The case group of long-distance runners and a control group of nonmarathon runners could be compared for prevalence of AAs with adjustment for age, sex, race or ethnicity, family history of colorectal cancer, diet, other physical activity, tobacco use history, BMI or waist circumference, ethanol use, and perhaps other early-life exposures and indication for colonoscopy. "Last, it would be interesting to know whether and how often the 100 participants developed symptoms possibly consistent with colonic ischemia either during or after long-distance runs, which might provide indirect support for the presumptive mechanism of action."

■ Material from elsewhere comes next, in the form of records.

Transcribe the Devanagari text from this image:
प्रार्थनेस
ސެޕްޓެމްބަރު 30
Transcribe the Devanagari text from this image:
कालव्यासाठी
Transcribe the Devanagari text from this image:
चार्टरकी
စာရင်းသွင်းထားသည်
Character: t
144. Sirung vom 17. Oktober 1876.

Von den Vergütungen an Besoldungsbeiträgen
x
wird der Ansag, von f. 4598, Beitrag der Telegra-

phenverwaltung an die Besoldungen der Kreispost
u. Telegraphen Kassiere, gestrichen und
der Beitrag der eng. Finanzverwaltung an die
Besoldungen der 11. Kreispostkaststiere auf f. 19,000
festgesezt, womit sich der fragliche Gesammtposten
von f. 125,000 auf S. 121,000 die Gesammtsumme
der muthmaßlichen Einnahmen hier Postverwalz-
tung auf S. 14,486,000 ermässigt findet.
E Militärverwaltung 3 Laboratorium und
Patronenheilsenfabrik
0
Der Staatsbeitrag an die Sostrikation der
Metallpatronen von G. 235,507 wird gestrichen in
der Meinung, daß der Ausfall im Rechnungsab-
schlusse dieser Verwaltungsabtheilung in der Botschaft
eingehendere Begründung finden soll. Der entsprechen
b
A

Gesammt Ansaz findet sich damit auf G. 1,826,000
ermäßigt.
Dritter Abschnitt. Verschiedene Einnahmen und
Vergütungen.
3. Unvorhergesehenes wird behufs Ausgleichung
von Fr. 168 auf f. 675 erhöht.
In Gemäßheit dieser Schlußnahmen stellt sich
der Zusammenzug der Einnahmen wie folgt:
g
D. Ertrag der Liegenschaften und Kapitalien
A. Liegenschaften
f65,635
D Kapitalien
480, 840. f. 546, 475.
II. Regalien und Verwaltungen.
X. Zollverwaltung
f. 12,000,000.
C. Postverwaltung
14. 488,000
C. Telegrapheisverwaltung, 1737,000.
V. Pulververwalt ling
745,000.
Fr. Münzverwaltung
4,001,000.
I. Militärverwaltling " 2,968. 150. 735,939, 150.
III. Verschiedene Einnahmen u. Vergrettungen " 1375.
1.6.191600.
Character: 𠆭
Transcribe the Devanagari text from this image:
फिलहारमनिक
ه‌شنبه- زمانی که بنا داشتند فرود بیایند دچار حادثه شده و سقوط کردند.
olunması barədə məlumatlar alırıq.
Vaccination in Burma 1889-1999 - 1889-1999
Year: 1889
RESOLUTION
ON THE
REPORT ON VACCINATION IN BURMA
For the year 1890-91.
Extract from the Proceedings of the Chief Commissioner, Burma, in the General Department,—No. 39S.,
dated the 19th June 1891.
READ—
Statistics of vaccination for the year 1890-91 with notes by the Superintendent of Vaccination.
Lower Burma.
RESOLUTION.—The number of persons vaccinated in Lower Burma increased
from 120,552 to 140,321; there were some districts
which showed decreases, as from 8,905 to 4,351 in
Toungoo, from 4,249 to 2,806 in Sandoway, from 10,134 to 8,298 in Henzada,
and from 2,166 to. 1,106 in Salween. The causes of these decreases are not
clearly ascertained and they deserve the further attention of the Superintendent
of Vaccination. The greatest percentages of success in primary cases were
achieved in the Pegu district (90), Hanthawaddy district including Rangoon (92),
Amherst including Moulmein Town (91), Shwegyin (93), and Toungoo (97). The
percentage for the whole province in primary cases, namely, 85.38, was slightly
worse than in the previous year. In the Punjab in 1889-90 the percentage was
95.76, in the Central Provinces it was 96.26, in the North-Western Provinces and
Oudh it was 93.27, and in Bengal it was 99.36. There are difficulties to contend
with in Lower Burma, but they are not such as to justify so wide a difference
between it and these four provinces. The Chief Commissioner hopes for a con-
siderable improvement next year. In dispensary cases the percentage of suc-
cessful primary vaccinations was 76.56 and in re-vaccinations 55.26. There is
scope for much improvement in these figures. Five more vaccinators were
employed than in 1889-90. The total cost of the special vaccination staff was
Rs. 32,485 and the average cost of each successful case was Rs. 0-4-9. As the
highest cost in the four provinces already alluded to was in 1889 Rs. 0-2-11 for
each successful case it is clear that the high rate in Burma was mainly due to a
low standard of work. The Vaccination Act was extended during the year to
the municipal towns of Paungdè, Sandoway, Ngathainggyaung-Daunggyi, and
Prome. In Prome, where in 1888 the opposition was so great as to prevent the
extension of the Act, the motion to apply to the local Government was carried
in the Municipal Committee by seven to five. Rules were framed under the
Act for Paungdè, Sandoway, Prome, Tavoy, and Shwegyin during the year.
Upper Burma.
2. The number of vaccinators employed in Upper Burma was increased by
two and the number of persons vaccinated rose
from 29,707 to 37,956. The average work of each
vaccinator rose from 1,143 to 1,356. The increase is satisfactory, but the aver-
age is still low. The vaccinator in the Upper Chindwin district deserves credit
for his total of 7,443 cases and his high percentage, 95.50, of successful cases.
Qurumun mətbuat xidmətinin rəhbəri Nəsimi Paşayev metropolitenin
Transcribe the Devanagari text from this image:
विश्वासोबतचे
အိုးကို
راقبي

In other comments, Hamed Khalili, MD, MPH, gastroenterologist at Massachusetts General Hospital and associate professor at Harvard Medical School, both in Boston, called the results very preliminary. "The sample size is small, and the comparator group is a historical control, so it's unclear whether the observed differences are just a sampling issue," he said.

Cannon has this advice for physicians: "Please don't dismiss symptoms of runner's colitis as benign. This condition requires investigation," he said. While he hasn't seen any expert recommendation to treat postrunning bleeding any differently from other causes of melena or hematochezia, both of which would normally merit a colonoscopy, in practice many gastroenterologists dismiss this type of bleeding as benign. "If larger studies confirm our findings, I don't think it's out of the question that marathoners will have unique screening recommendations. But this study is not robust enough, of course, to merit such a recommendation."

His group is planning a study on the runner's microbiome and on the proteome of the colonic tissue in this group.

Cannon reported having no relevant conflicts of interest to disclose. Imperiale and Khalili reported having no conflicts of interest relevant to their comments on the study.

A version of this article first appeared on Medscape.com.